Task prompt:
Report every line of the records below that contains the word "PARAMETRIC".

Records from a data source:
========================

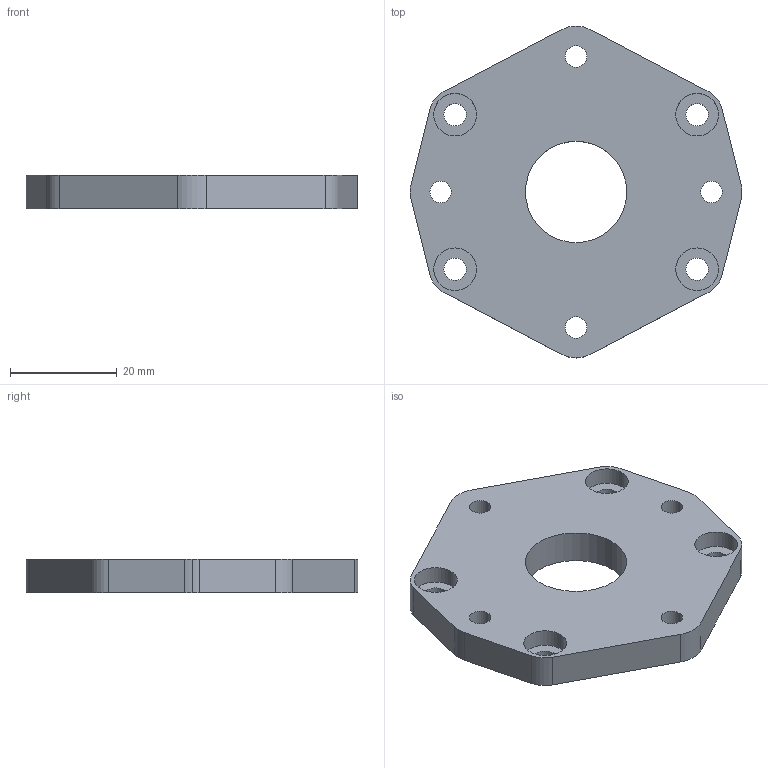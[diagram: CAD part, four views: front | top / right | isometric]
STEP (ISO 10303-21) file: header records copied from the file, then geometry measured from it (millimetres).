
FILE_DESCRIPTION (( 'STEP AP214' ), '1' );
FILE_NAME ('am-3692 2 775 to CIM Output Output Plate REV2.STEP', '2018-07-23T16:46:10', ( '' ), ( '' ), 'SwSTEP 2.0', 'SolidWorks 2018', '' );
FILE_SCHEMA (( 'AUTOMOTIVE_DESIGN' ));
Length unit declared in the file: inch
Products named in the file (1): am-3692 2 775 to CIM Output Output Plate REV2
Bounding box: 62.24 x 62.26 x 6.35 mm (x, y, z)
Volume: 14933.8 mm3; surface area: 7271.1 mm2
Topology: 1 solids, 1 shells, 49 faces, 129 edges, 86 vertices
Faces by surface type: cylinder 35, plane 14
Entity records: 1733 total; most frequent: DIRECTION 299, CARTESIAN_POINT 265, ORIENTED_EDGE 258, EDGE_CURVE 129, AXIS2_PLACEMENT_3D 120, VERTEX_POINT 86, EDGE_LOOP 71, CIRCLE 70
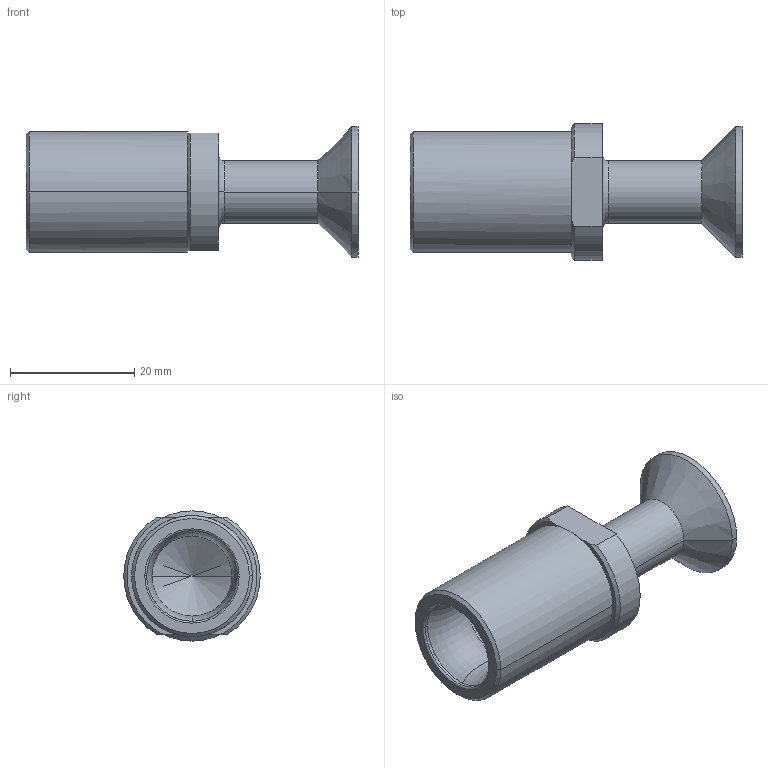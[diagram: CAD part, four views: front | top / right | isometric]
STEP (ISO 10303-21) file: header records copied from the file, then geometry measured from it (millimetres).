
FILE_DESCRIPTION((''),'2;1');
FILE_NAME('3D_1010291201703_CHSF350-35G_V1','2020-09-07T',('f.li'),(''),'PRO/ENGINEER BY PARAMETRIC TECHNOLOGY CORPORATION, 2012480','PRO/ENGINEER BY PARAMETRIC TECHNOLOGY CORPORATION, 2012480','');
FILE_SCHEMA(('CONFIG_CONTROL_DESIGN'));
Length unit declared in the file: millimetre
Products named in the file (1): 3D_1010291201703_CHSF350-35G_V1
Bounding box: 53.5 x 22 x 21 mm (x, y, z)
Volume: 8018.6 mm3; surface area: 5355.5 mm2
Topology: 1 solids, 1 shells, 49 faces, 120 edges, 74 vertices
Faces by surface type: cylinder 20, cone 12, plane 11, torus 6
Entity records: 1511 total; most frequent: CARTESIAN_POINT 280, DIRECTION 278, ORIENTED_EDGE 232, AXIS2_PLACEMENT_3D 119, EDGE_CURVE 116, VERTEX_POINT 74, CIRCLE 70, EDGE_LOOP 56
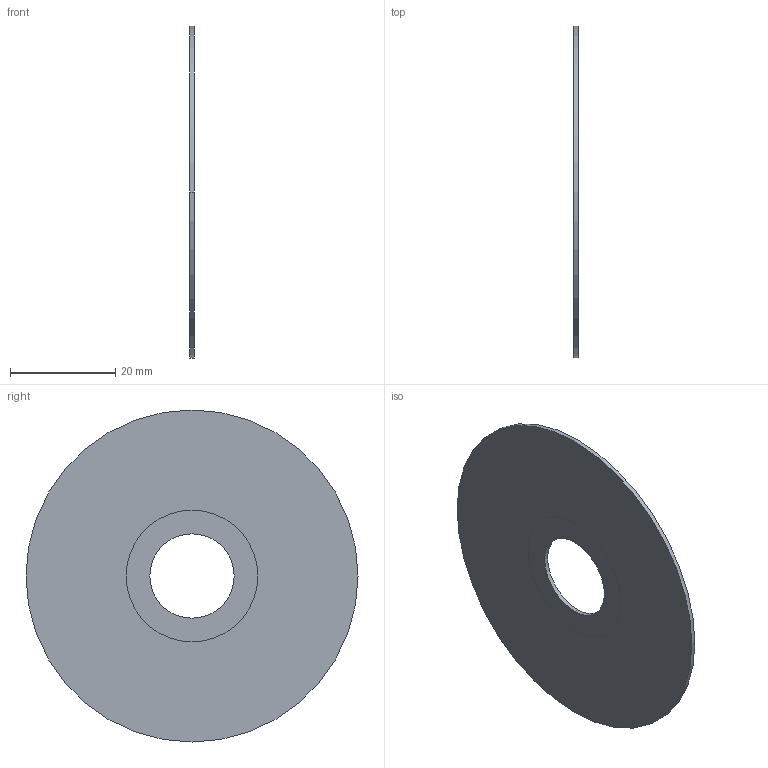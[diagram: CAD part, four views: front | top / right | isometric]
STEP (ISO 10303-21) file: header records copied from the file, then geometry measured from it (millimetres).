
FILE_DESCRIPTION((''),'2;1');
FILE_NAME('304-001-001_QU1_ASM','2018-06-19T',('HolzhauserL'),(''),'CREO PARAMETRIC BY PTC INC, 2016380','CREO PARAMETRIC BY PTC INC, 2016380','');
FILE_SCHEMA(('AUTOMOTIVE_DESIGN { 1 0 10303 214 1 1 1 1 }'));
Length unit declared in the file: millimetre
Products named in the file (3): 54700410NC; 54700410C; 304-001-001_QU1_ASM
Assembly tree (2 placements, depth 2):
  304-001-001_QU1_ASM
    54700410NC
    54700410C
Bounding box: 0.8 x 63 x 63 mm (x, y, z)
Volume: 2332.9 mm3; surface area: 6156.6 mm2
Topology: 2 solids, 2 shells, 12 faces, 27 edges, 20 vertices
Faces by surface type: cylinder 8, plane 4
Entity records: 1378 total; most frequent: DIRECTION 136, PROPERTY_DEFINITION 103, CARTESIAN_POINT 101, REPRESENTATION 101, PROPERTY_DEFINITION_REPRESENTATION 101, DESCRIPTIVE_REPRESENTATION_ITEM 70, GENERAL_PROPERTY 67, GENERAL_PROPERTY_ASSOCIATION 67
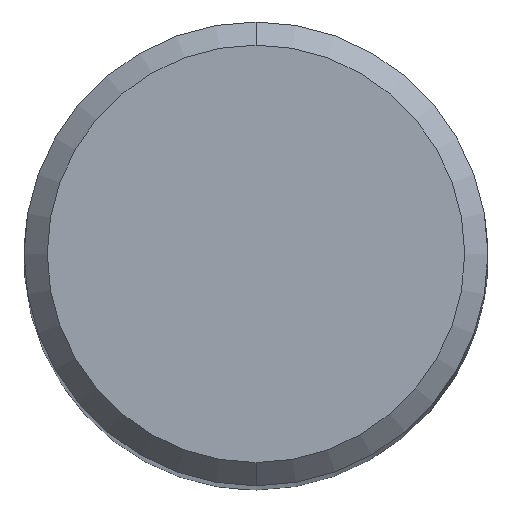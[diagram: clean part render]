
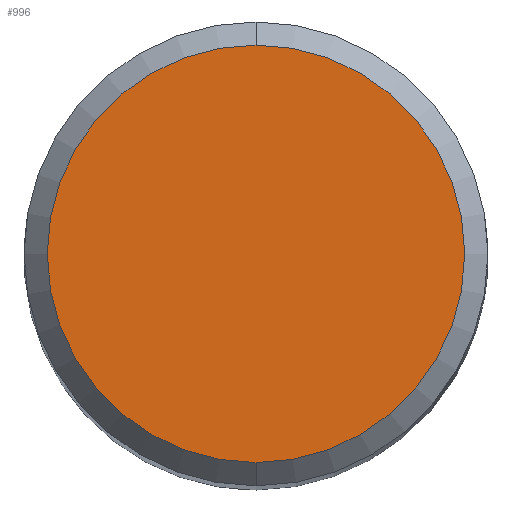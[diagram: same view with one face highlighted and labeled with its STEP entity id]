
A CAD part, top view. The second image highlights one B-rep face of the part: STEP entity #996.
In plain terms, the highlighted planar face has unit normal (0, 0, 1).
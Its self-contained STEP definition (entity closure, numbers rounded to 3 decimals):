
#582=VERTEX_POINT('',#1336);
#818=EDGE_CURVE('',#890,#582,#1593,.T.);
#890=VERTEX_POINT('',#1671);
#930=EDGE_CURVE('',#582,#890,#1714,.T.);
#996=ADVANCED_FACE('',(#1786),#1787,.T.);
#1336=CARTESIAN_POINT('',(0.0,3.6,0.0));
#1593=CIRCLE('',#4054,3.6);
#1671=CARTESIAN_POINT('',(0.,-3.6,0.0));
#1714=CIRCLE('',#4591,3.6);
#1786=FACE_OUTER_BOUND('',#4799,.T.);
#1787=PLANE('',#4800);
#4054=AXIS2_PLACEMENT_3D('',#5837,#5838,#5839);
#4591=AXIS2_PLACEMENT_3D('',#5990,#5991,#5992);
#4799=EDGE_LOOP('',(#6058,#6059));
#4800=AXIS2_PLACEMENT_3D('',#6060,#6061,#6062);
#5837=CARTESIAN_POINT('',(0.0,0.0,0.0));
#5838=DIRECTION('',(0.0,0.0,-1.0));
#5839=DIRECTION('',(0.0,1.0,0.0));
#5990=CARTESIAN_POINT('',(0.0,0.0,0.0));
#5991=DIRECTION('',(0.0,0.0,-1.0));
#5992=DIRECTION('',(0.0,1.0,0.0));
#6058=ORIENTED_EDGE('',*,*,#930,.F.);
#6059=ORIENTED_EDGE('',*,*,#818,.F.);
#6060=CARTESIAN_POINT('',(0.0,1.8,0.0));
#6061=DIRECTION('',(-0.0,0.0,1.0));
#6062=DIRECTION('',(0.0,-1.0,0.0));
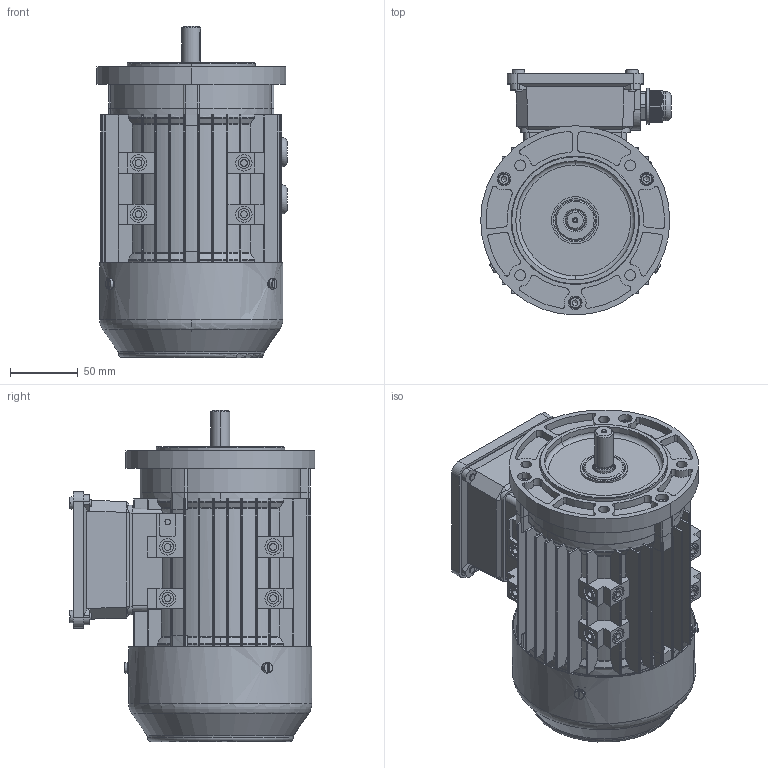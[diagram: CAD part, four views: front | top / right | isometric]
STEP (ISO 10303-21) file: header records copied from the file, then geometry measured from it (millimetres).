
FILE_DESCRIPTION(/* description */ (''),/* implementation_level */ '2;1');
FILE_NAME(/* name */ 'JL-71-B14B.stp',/* time_stamp */ '2018-12-30T14:10:20+08:00',/* author */ (''),/* organization */ (''),/* preprocessor_version */ 'ST-DEVELOPER v16.7',/* originating_system */ 'SIEMENS PLM Software NX 12.0',/* authorisation */ '');
FILE_SCHEMA (('AP203_CONFIGURATION_CONTROLLED_3D_DESIGN_OF_MECHANICAL_PARTS_AND_ASSEMBLIES_MIM_LF { 1 0 10303 403 2 1 2}'));
Products named in the file (1): JL-71-B14B
Bounding box: 141.1 x 182 x 245 mm (x, y, z)
Volume: 672710.4 mm3; surface area: 490892.3 mm2
Topology: 39 solids, 42 shells, 3787 faces, 10537 edges, 6950 vertices
Faces by surface type: plane 2186, cylinder 1132, torus 237, cone 184, bspline 36, sphere 12
Full cylindrical faces by diameter (mm): 3.5 x6, 3.545 x6, 4 x6, 4.132 x3, 4.134 x3, 4.48 x5, 4.8 x1, 4.9 x3, 5 x21, 5.3 x1, 5.8 x14, 8.5 x3, 10 x1, 13.75 x2, 15 x3, 16.25 x4, 18.75 x8, 19.375 x12, 20 x22, 20.625 x12, 21.25 x12, 21.562 x2, 26.562 x2, 30 x3, 134 x1
Entity records: 130726 total; most frequent: CARTESIAN_POINT 36464, ORIENTED_EDGE 20168, DIRECTION 18576, EDGE_CURVE 10084, VERTEX_POINT 6746, AXIS2_PLACEMENT_3D 6468, LINE 5640, VECTOR 5640
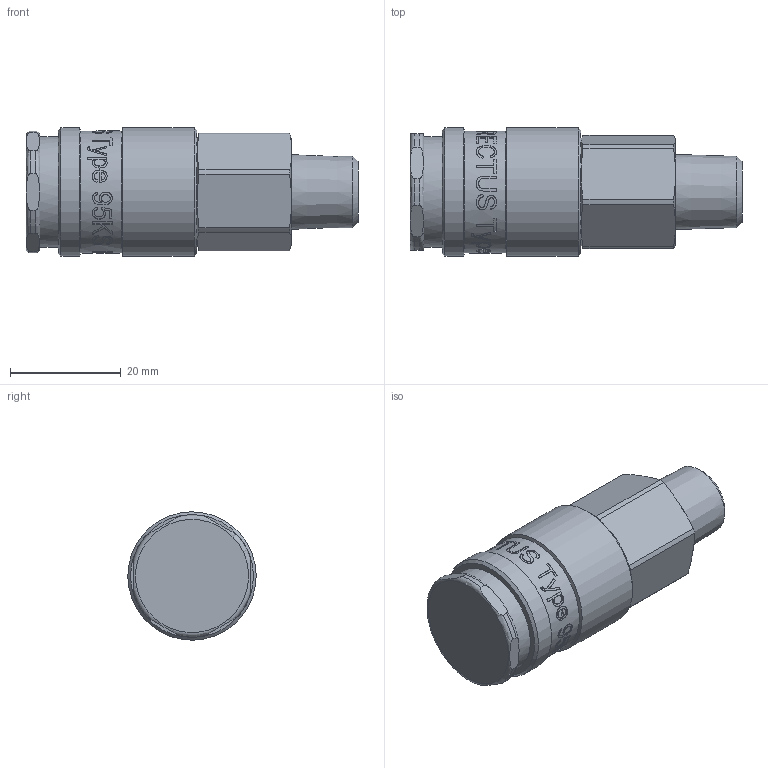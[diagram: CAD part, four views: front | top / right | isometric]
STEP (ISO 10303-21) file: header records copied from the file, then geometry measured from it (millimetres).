
FILE_DESCRIPTION((''),'2;1');
FILE_NAME('95ksak13bpn.stp','2014-07-07T08:06:49',('AS035480'),(''),'Autodesk Inventor 2013','Autodesk Inventor 2013','');
FILE_SCHEMA(('AUTOMOTIVE_DESIGN { 1 0 10303 214 1 1 1 1 }'));
Length unit declared in the file: millimetre
Products named in the file (1): D110983
Bounding box: 59.85 x 23.14 x 23.14 mm (x, y, z)
Volume: 17840.3 mm3; surface area: 7617 mm2
Topology: 1 solids, 2 shells, 326 faces, 864 edges, 571 vertices
Faces by surface type: bspline 142, plane 118, cylinder 49, cone 15, torus 2
Full cylindrical faces by diameter (mm): 16.317 x2, 17.25 x1, 17.9 x1, 18.95 x1, 19.35 x1, 20 x2, 22 x1, 23.15 x2
Entity records: 43474 total; most frequent: CARTESIAN_POINT 36334, ORIENTED_EDGE 1654, DIRECTION 906, EDGE_CURVE 827, VERTEX_POINT 559, B_SPLINE_CURVE_WITH_KNOTS 386, EDGE_LOOP 378, FACE_OUTER_BOUND 324

========================

Answer to the problem:
FILE_NAME('3D_1010291201703_CHSF350-35G_V1','2020-09-07T',('f.li'),(''),'PRO/ENGINEER BY PARAMETRIC TECHNOLOGY CORPORATION, 2012480','PRO/ENGINEER BY PARAMETRIC TECHNOLOGY CORPORATION, 2012480','');
FILE_NAME('304-001-001_QU1_ASM','2018-06-19T',('HolzhauserL'),(''),'CREO PARAMETRIC BY PTC INC, 2016380','CREO PARAMETRIC BY PTC INC, 2016380','');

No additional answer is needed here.